= Benito Gutmacher =

Argentine actor

Benito Gutmacher (born 13 February 1950, Buenos Aires) son of Jewish Polish immigrants, is an actor, author and theatre and film director. In 1971, he went to Paris where he presented his one-man show "Le Cri du Corps". Since then, he has been acting for more than 40 years in many European theaters and festivals.

== Biography ==
Benito Gutmacher followed theatre courses in Buenos Aires with Juan Carlos Gené. He made his debut as an actor in 1970 with "Sergeant Musgrave's Dance" by John Arden. Inspired by the theories of Antonin Artaud and the dancer Iris Scaccheri, he travelled to Paris in 1971 where he presented his one-man show Le cri du corps ("The Cry of the Body") which received a positive review in Le Monde. After that, he acted during more than 30 years in theatres and festivals in France, Europe, Latin America and the USA. In 1972, he played at the Théâtre des Nations in Paris under the direction of Jean-Louis Barrault. In 1975, after a performance at the Teatro Regina in Buenos Aires, he was mentioned in the newspaper Clarín as one of the best actors of the year. In 1978, he met Alejandro Jodorowsky who suggested presenting his show Tarot in Paris. In 1990, he performed at the La MaMa Experimental Theatre Club in New York and was described in The New York Times as "a virtuoso of movement".

Gutmacher settled definitively in Europe where he worked for 15 years with Hector Malamud and Carlos Trafic.

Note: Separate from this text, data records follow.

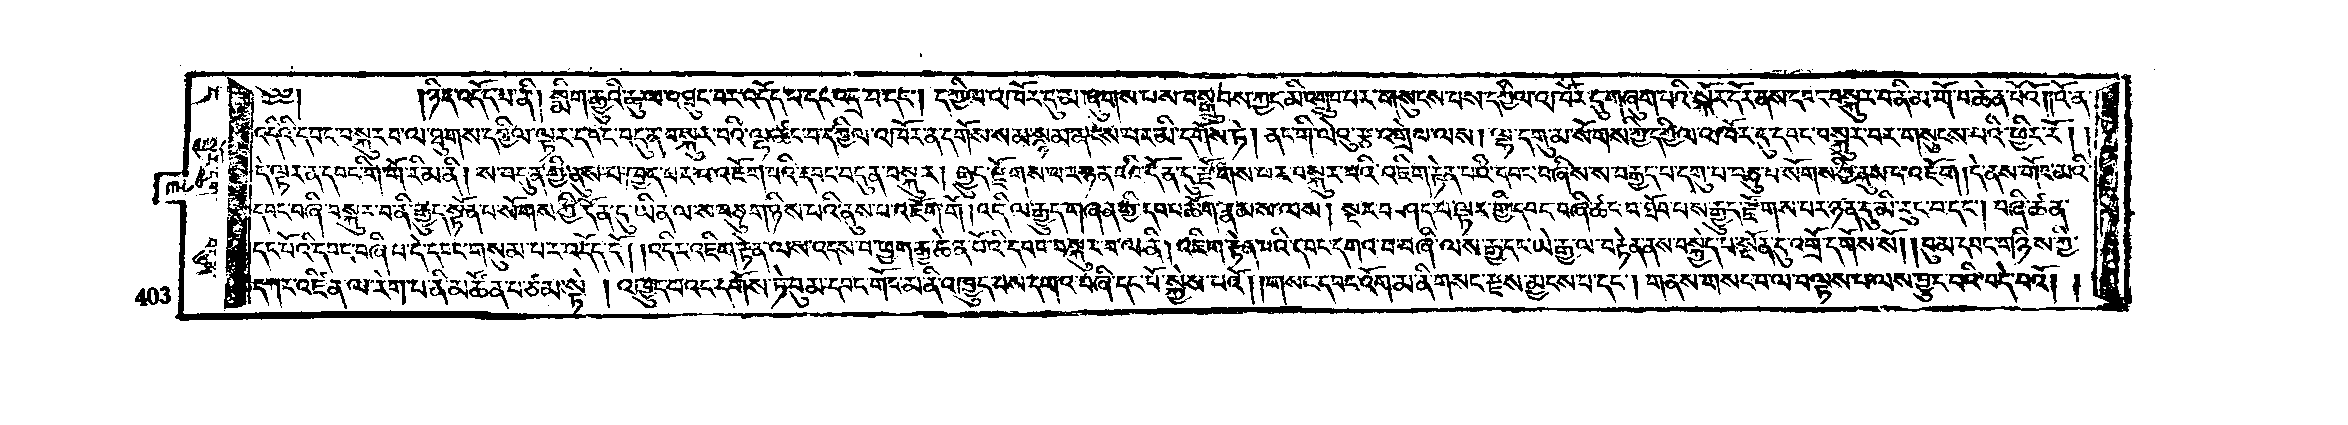༄༅། །ཉིད་འདོད་པ་ནི། སྨིག་རྒྱུའི་ཆུ་ལ་འཐུང་བར་འདོད་པ་དང་འདྲ་བ་དང་། དཀྱིལ་འཁོར་དུ་མ་ཞུགས་པས་བསྒྲུབས་ཀྱང་མི་འགྲུབ་པར་གསུངས་པས་དཀྱིལ་འཁོར་དུ་གཞུག་པའི་སྐོར་དོར་ནས་དབང་བསྐུར་བ་ནི་མ་གོ་བ་ཆེན་པོའོ། །འོ་ན་
འདིའི་དབང་བསྐུར་བ་ལ་ཐུགས་དཀྱིལ་ལྟར་དབང་བདུན་བསྐུར་བའི་ལྷ་ཚང་བ་དཀྱིལ་འཁོར་ན་དགོས་སམ་སྙམ་ན་ངེས་པར་མི་དགོས་ཏེ། ནང་གི་ལེའུ་རྩ་འགྲེལ་ལས། ལྷ་དགུ་མ་སོགས་ཀྱི་དཀྱིལ་འཁོར་དུ་དབང་བསྐུར་བར་གསུངས་པའི་ཕྱིར་རོ། །
དེ་ལྟར་ན་དབང་གི་གོ་རིམ་ནི། ས་བདུན་གྱི་ནུས་པ་ཁྱད་པར་བ་འཇོག་པའི་དབང་བདུན་བསྐུར། རྒྱུད་རྫོགས་པར་ཉན་པའི་དོན་དུ་རྫོགས་པར་བསྐུར་པའི་འཇིག་རྟེན་པའི་དབང་བཞིས་ས་བརྒྱད་པ་དགུ་པ་བཅུ་པ་སོགས་ཀྱི་ནུས་པ་འཇོག །དེ་ནས་གོང་མའི་
དབང་བཞི་བསྐུར་བ་ནི་རྒྱུད་སྟོན་པ་སོགས་ཀྱི་དོན་དུ་ཡིན་ལ་ས་བཅུ་གཉིས་པའི་ནུས་པ་འཇོག་གོ །འདི་ལ་རྒྱུད་གཞན་གྱི་དབང་ཆོག་རྣམས་ལས། སྔར་བཤད་པ་ལྟར་གྱི་དབང་བཞི་ཚང་བ་ཐོབ་པས་རྒྱུད་རྫོགས་པར་ཉན་དུ་མི་རུང་བ་དང་། བཞི་ཚན་
དང་པོའི་དབང་བཞི་པ་དེ་དབང་གསུམ་པར་འདོད་དོ། །འདིར་འཇིག་རྟེན་ལས་འདས་པ་ཕྱག་རྒྱ་ཆེན་པོའི་དབང་བསྐུར་བ་ལ་ནི། འཇིག་རྟེན་པའི་དབང་དགའ་བ་བཞི་ལས་རྒྱ་དང་ཡེ་རྒྱ་ལ་བརྟེན་ནས་བསྐྱེད་པ་སྔོན་དུ་འགྲོ་དགོས་སོ། །བུམ་དབང་གཉིས་ཀྱི་
དཀར་འཛིན་ལ་རེག་པ་ནི་མཚོན་པ་ཙམ་སྟེ། འཁྱུད་པའང་དགོས་ཏེ་བུམ་དབང་གོང་མ་ནི་འཁྱུད་པས་དགའ་བཞི་དང་པོ་སྐྱེས་པའོ། །གསང་དབང་འོག་མ་ནི་གསང་རྫས་མྱངས་པ་དང་། གནས་གསང་བ་ལ་བལྟས་པ་ལས་བྱུང་བའི་བདེ་བའོ། །
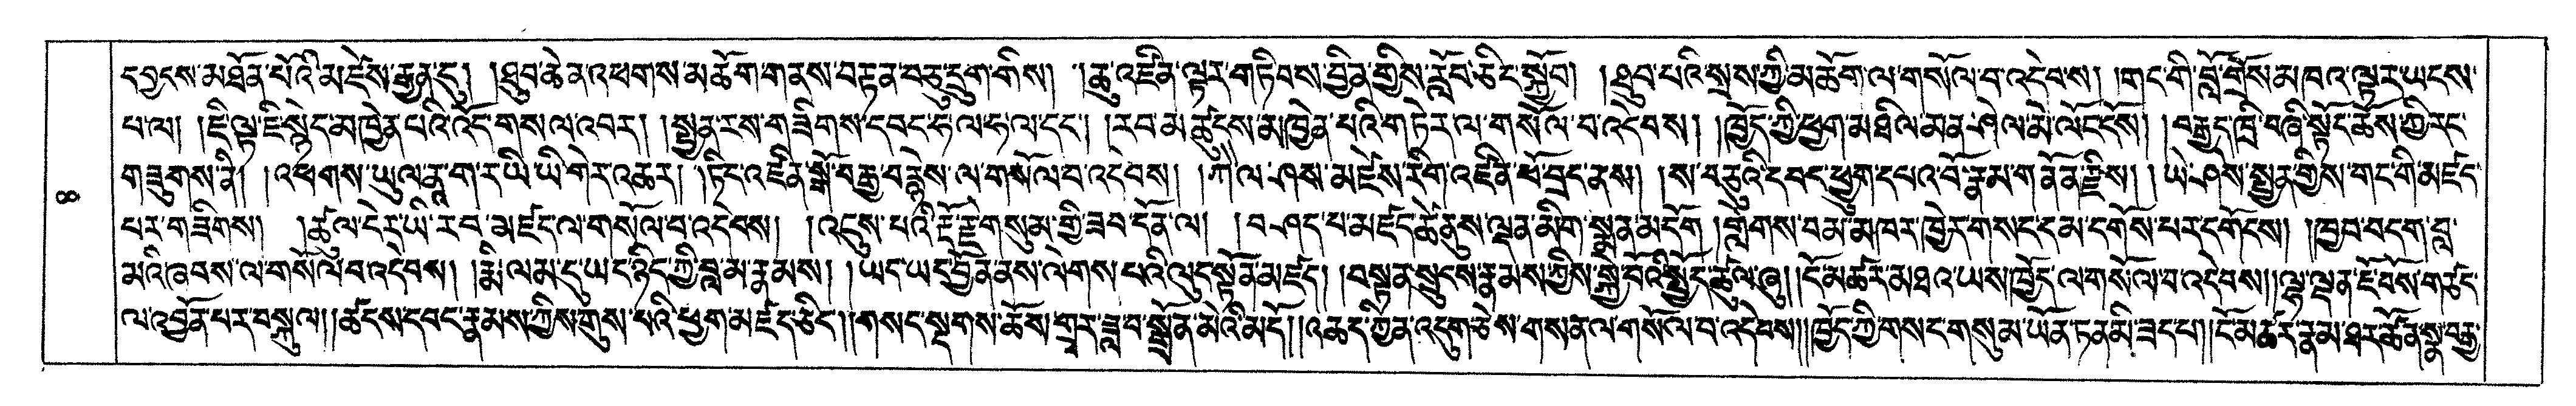དབྱིངས་མཐོན་པོའི་མཛེས་རྒྱན་དུ། །ཐུབ་ཆེན་འཕགས་མཆོག་གནས་བརྟན་བཅུ་དྲུག་གིས། །ཆུ་འཛིན་ལྟར་གཏིབས་བྱིན་གྱིས་རློབ་ཅིང་སྐྱོབ། །ཐུབ་པའི་སྲས་ཀྱི་མཆོག་ལ་གསོལ་བ་འདེབས། །གང་གི་བློ་གྲོས་མཁའ་ལྟར་ཡངས་
པ་ལ༑ ༑ཇི་ལྟ་ཇི་སྙེད་མཁྱེན་པའི་འོད་གསལ་འབར། །སྤྱན་རས་གཟིགས་དབང་ཧ་ལ་ཧ་ལ་དང་། །རབ་མཚུངས་མཁྱེན་པའི་གཏེར་ལ་གསོལ་བ་འདེབས། །ཁྱོད་ཀྱི་ཕྱག་མཐིལ་མན་ཤེལ་མེ་ལོང་ངོས། །བརྒྱད་ཁྲི་བཞི་སྟོང་ཆོས་ཀྱི་རང་
གཟུགས་ནི་།འཕགས་ཡུལ་ནཱ་ག་ར་ཡི་ཡི་གེར་འཆར། །ཏིང་འཛིན་སྒོ་བརྒྱ་བརྙེས་ལ་གསོལ་བ་འདེབས། །ཀཻ་ལ་ཤས་མཛེས་རིག་འཛིན་ཕོ་བྲང་ནས། །ས་བཅུའི་དབང་ཕྱུག་དཔའ་བོ་རྣམ་གནོན་རྗེས། །ཡེ་ཤེས་སྤྱན་གྱིས་གང་གི་མཛད་
པར་གཟིགས། །ཚུལ་དེར་ཡི་རང་མཛད་ལ་གསོལ་བ་འདེབས། །འདུས་པའི་རྡོ་རྗེ་གསུམ་གྱི་ཟབ་དོན་ལ། །བཤད་པ་མཛད་ཚེ་ནུ་ལྡན་མིག་སྨན་མདོག །གླེགས་བམ་མཁར་ཁྱེར་གསང་དམ་དགོས་པར་དགོངས། །ཁྱབ་བདག་བླ་
མའི་ཞབས་ལ་གསོལ་བ་འདེབས། །རྨི་ལམ་དུ་ཡང་ཉིད་ཀྱི་བླ་མ་རྣམས། །ཡང་ཡང་བྱོན་ནས་ལེགས་པའི་ལུང་སྟོན་མཛད། །བསྟན་སྲུངས་རྣམས་ཀྱིས་སྐྱེ་བོའི་སྤྱོད་ཚུལ་ཞུ། །ངོ་མཚར་མཐའ་ཡས་ཁྱོད་ལ་གསོལ་བ་འདེབས། །ལྷ་ལྡན་ཇོ་བོས་གཙང་
ལ་འབྱོན་པར་བསྐུལ། །ཚངས་དབང་རྣམས་ཀྱིས་གུས་པའི་ཕྱག་མཛད་ཅིང་། །གསང་སྔགས་ཆོས་གྲྭར་ཟླ་བ་སྒྲོན་མེའི་མདོ། །འཆད་ཀྱིན་འདུག་ཅེས་གསན་ལ་གསོལ་བ་འདེབས། །ཁྱོད་ཀྱི་གསང་གསུམ་ཡོན་ཏན་མི་ཟད་པ། །ངོ་མཚར་རྣམ་ཐར་ཚོན་སྣ་བརྒྱ་
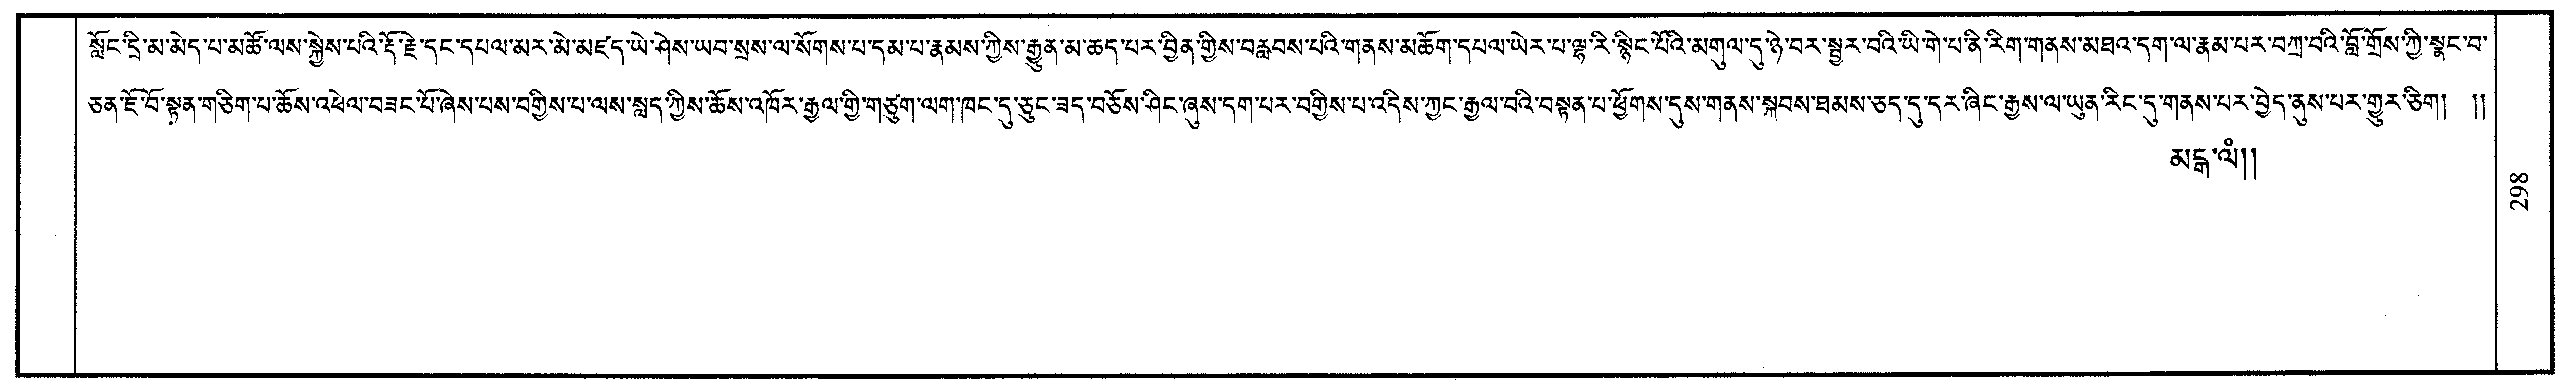སློང་དྲི་མ་མེད་པ་མཚོ་ལས་སྐྱེས་པའི་རྡོ་རྗེ་དང་དཔལ་མར་མེ་མཛད་ཡེ་ཤེས་ཡབ་སྲས་ལ་སོགས་པ་དམ་པ་རྣམས་ཀྱིས་རྒྱུན་མ་ཆད་པར་བྱིན་གྱིས་བརླབས་པའི་གནས་མཆོག་དཔལ་ཡེར་པ་ལྷ་རི་སྙིང་པོའི་མགུལ་དུ་ཉེ་བར་སྦྱར་བའི་ཡི་གེ་པ་ནི་རིག་གནས་མཐའ་དག་ལ་རྣམ་པར་བཀྲ་བའི་བློ་གྲོས་ཀྱི་སྣང་བ་
ཅན་ཇོ་བོ་སྟན་གཅིག་པ་ཆོས་འཕེལ་བཟང་པོ་ཞེས་པས་བགྱིས་པ་ལས་སླད་ཀྱིས་ཆོས་འཁོར་རྒྱལ་གྱི་གཙུག་ལག་ཁང་དུ་ཅུང་ཟད་བཅོས་ཤིང་ཞུས་དག་པར་བགྱིས་པ་འདིས་ཀྱང་རྒྱལ་བའི་བསྟན་པ་ཕྱོགས་དུས་གནས་སྐབས་ཐམས་ཅད་དུ་དར་ཞིང་རྒྱས་ལ་ཡུན་རིང་དུ་གནས་པར་བྱེད་ནུས་པར་གྱུར་ཅིག། །
མངྒ་ལཾ།།
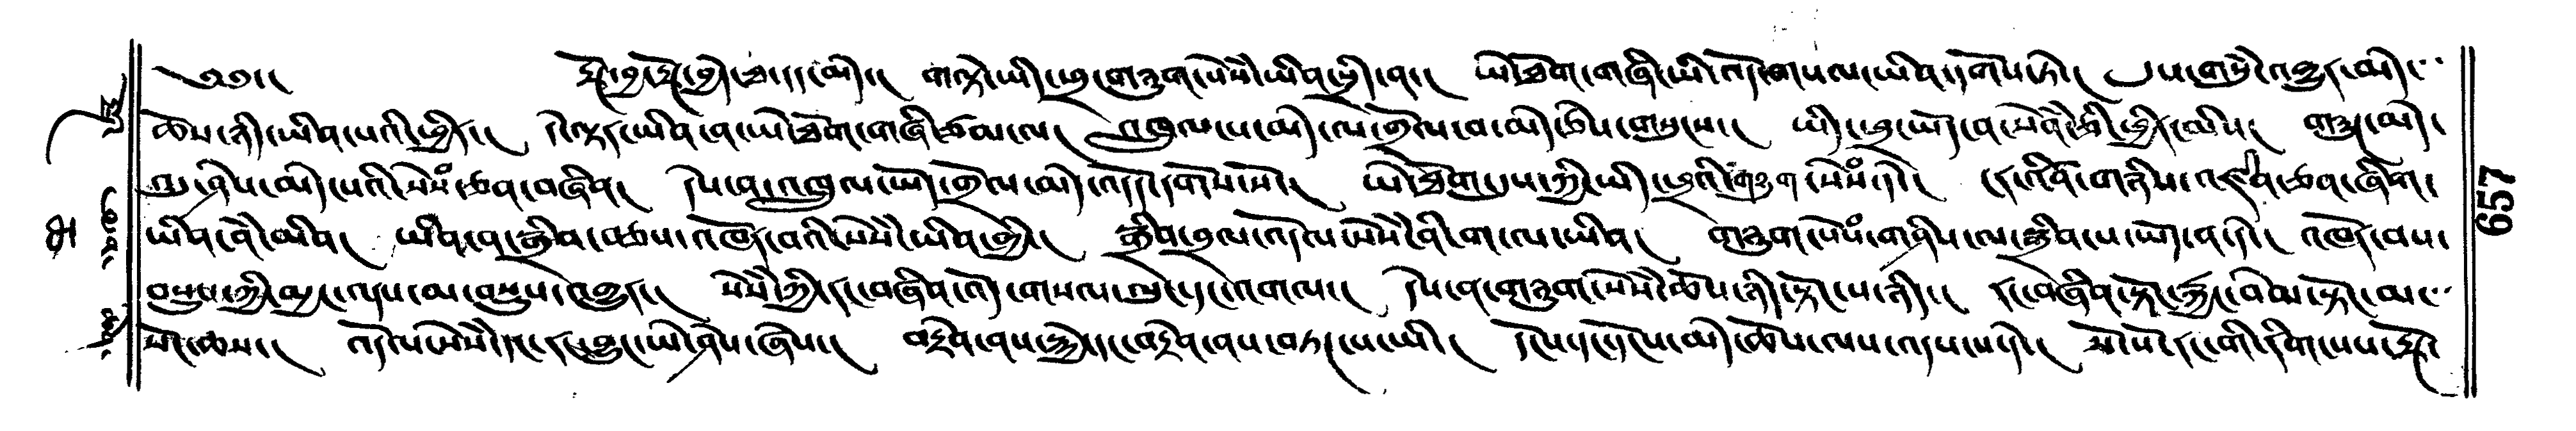རྟོགས་བྱ་རྟོགས་བྱེད་ཐ་དད་མེད། །གལ་ཏེ་ཡིད་ཕྲ་གཉུག་སེམས་ཡིན་སྲིད་ན། །ཡེ་ཐོག་གཞི་ཡི་འོད་གསལ་ཡིན་དགོས་ཏེ། །དུས་གསུམ་འགྱུར་མེད་
ཆོས་ཉིད་ཡིན་པའི་ཕྱིར། །དེ་ལྟར་ཡིན་ན་ཡེ་ཐོག་གཞི་ཙམ་ལ། །འཁྲུལ་པ་མེད་ལ་གྲོལ་བ་མེད་ཅེས་གསུངས། །ཡིད་ཕྲ་ཡོད་ན་སེམས་ཅན་ཅི་ཕྱིར་མིས། །གཟུགས་མེད་
འདུ་ཤེས་མེད་པའི་སེམས་ཅན་བཞིན། །དེ་ན་འཁྲུལ་ཡོད་གྲོལ་མེད་འདོད་དགོས་སོ། །ཡེ་ཐོག་དུས་ཀྱི་ཡིད་ཕྲའི་གཉུག་སེམས་དེ། །ངར་འཛིན་གཉིས་འཛིན་ཅན་ཞིག་
ཡིན་ནམ་མིན། །ཡིན་ན་སྒྲིབ་བཅས་འཁོར་བའི་སེམས་ཡིན་གྱི། །སྒྲིབ་བྲལ་འོད་གསལ་སེམས་ནི་ག་ལ་ཡིན། །གཉུག་སེམས་གཤིས་ལ་སྒྲིབ་པ་ཡོད་ན་དེ། །འཁོར་བས་
བསྡུས་ཀྱི་མྱང་འདས་མ་བསྡུས་འགྱུར། །སེམས་ཀྱི་རང་བཞིན་འོད་གསལ་ལུང་དང་འགལ། །དེས་ན་གཉུག་སེམས་ཆོས་ཉིད་སྟོང་པ་ཉིད། །རང་བཞིན་སྟོང་རྐྱང་བེམ་སྟོང་མ་
སོང་ཆས། །འོད་གསལ་སེམས་དང་རང་བྱུང་ཡེ་ཤེས་ཞེས། །བརྟེན་ནས་སྐྱེ་དང་བརྟེན་ནས་བཏགས་པ་ཡི། །དངོས་དང་དངོས་མེད་ཆོས་ལས་འདས་པ་དེ། །སོ་སོ་རང་གི་རིག་པས་རྟོགས་
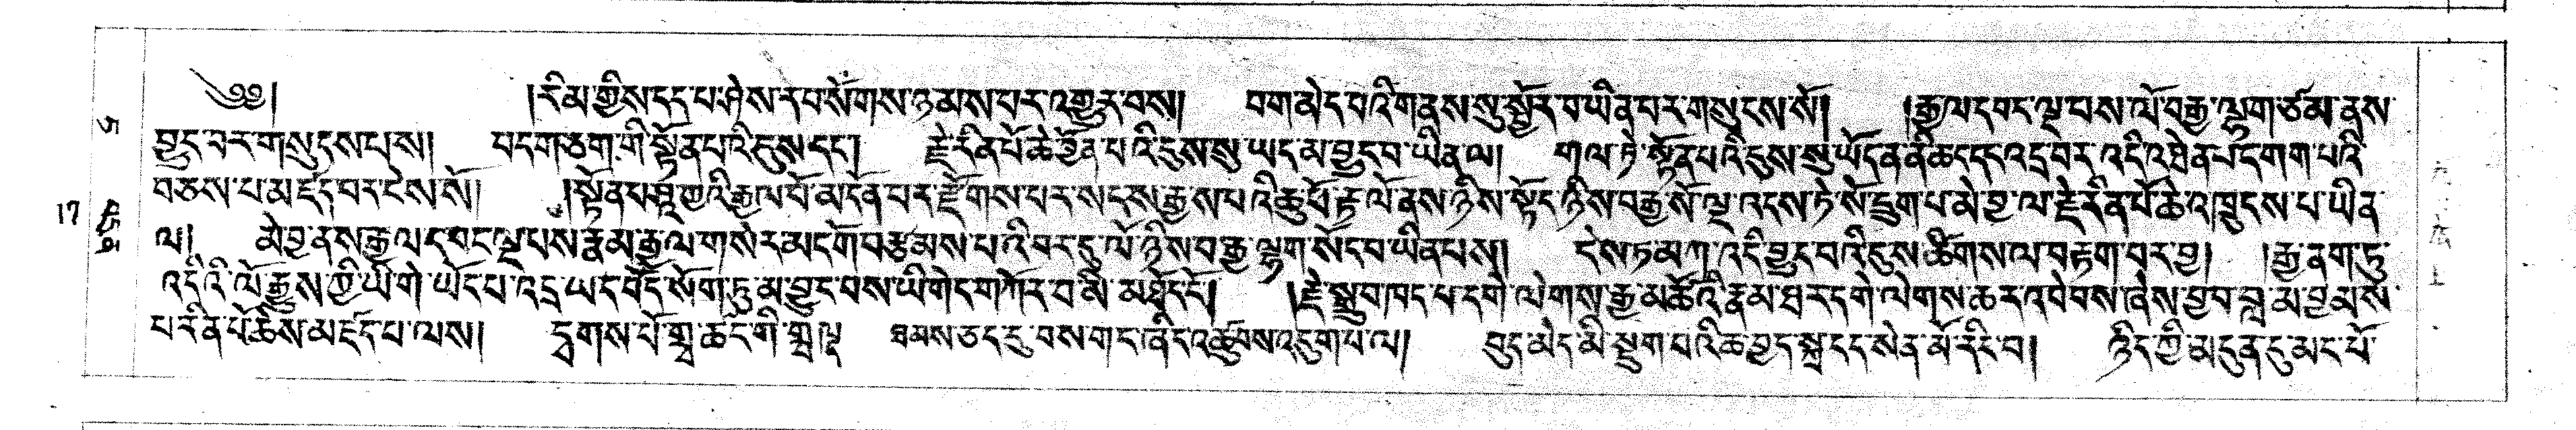༄༅། །རིམ་གྱིས་དད་པ་ཤེས་རབ་སོགས་ཉམས་པར་འགྱུར་བས། བག་མེད་བའི་གནས་སུ་སྦྱོར་བ་ཡིན་པར་གསུངས་སོ། །རྒྱལ་དབང་ལྔ་པས་ལོ་བརྒྱ་ལྷག་ཙམ་ནས་
བྱུང་བར་གསུངས་པས། བདག་ཅག་གི་སྟོན་པའི་དུས་དང་། རྗེ་རིན་པོ་ཆེ་བྱོན་པའི་དུས་སུ་ཡང་མ་བྱུང་བ་ཡིན་ལ། གལ་ཏེ་སྟོན་པའི་དུས་སུ་ཡོད་ན་ནི་ཆང་དང་འདྲ་བར་འདི་འཐེན་པ་དགག་པའི་
བཅས་པ་མཛད་བར་ངེས་སོ། །སྟོན་པ་ཤཱཀྱའི་རྒྱལ་པོ་མངོན་པར་རྫོགས་པར་སངས་རྒྱས་པའི་ཆུ་ཕོ་རྟ་ལོ་ནས་ཉིས་སྟོང་ཉིས་བརྒྱ་སོ་ལྔ་འདས་ཏེ་སོ་དྲུག་པ་མེ་བྱ་ལ་རྗེ་རིན་པོ་ཆེ་འཁྲུངས་པ་ཡིན་
ལ། མེ་བྱ་ནས་རྒྱལ་དབང་ལྔ་པས་རྣམ་རྒྱལ་གསེར་མདོག་བརྩམས་པའི་བར་དུ་ལོ་ཉིས་བ་རྒྱ་ལྷག་སོང་བ་ཡིན་པས། དེས་ཏ་མ་ཀ་འདི་བྱུང་བའི་དུས་ཚིགས་ལ་བརྟག་པར་བྱ། །རྒྱ་ནག་ཏུ་
འདིའི་ལོ་རྒྱུས་ཀྱི་ཡི་གེ་ཡོད་པ་འདྲ་ཡང་བོད་སོག་ཏུ་མ་བྱུང་བས་ཡི་གེ་དག་ཀོར་བ་མི་མཐོང་ངོ། །རྗེ་སྒྲུབ་ཁང་པ་དགེ་ལེགས་རྒྱ་མཚོའི་རྣམ་ཐར་དགེ་ལེགས་ཆར་འབེབས་ཞེས་བྱ་བ་བླ་མ་བྱམས་
པ་རིན་པོ་ཆེས་མཛད་པ་ལས། དྭགས་པོ་གྲྭ་ཚང་གི་གྲྭ་ལྔ། ཐམས་ཅད་དུ་བས་གང་ཞིང་འཚུབས་འདུག་པ་ལ། བུད་མེད་མི་སྡུག་བའི་ཆ་བྱད་སྐྲ་ངད་སེན་མོ་རིང་བ། ཉིད་ཀྱི་མདུན་དུ་མང་པོ་

In Germany, he presented more than 25 plays with independent groups. In 1991, he directed "Paradise Later", a one-man show by Stephan Schulberg, member of The Living Theatre. In 2020, he wrote and directed the feature film: "The Man in the Café", starring Carlos Trafic (co-Author screenplay) and Araceli Fernandez González. The film was release 2021 in Vimeo as well as in different Film Festivals on the Internet. Gutmacher has been directing dozens of courses and workshops in Germany, France and Switzerland. Since 1981 he lives in Freiburg, Germany. He is married and has four children and 9 grandchildren.

== One man shows ==
- Le Cri du Corps (Paris, 1972)
- Hamlet 74 (Paris, 1974)
- Tarot (Paris, 1980)
- Business-Business (Freiburg im Breisgau, Germany, 1983)
- Art and Toilet Paper (Freiburg im Breisgau, 1997)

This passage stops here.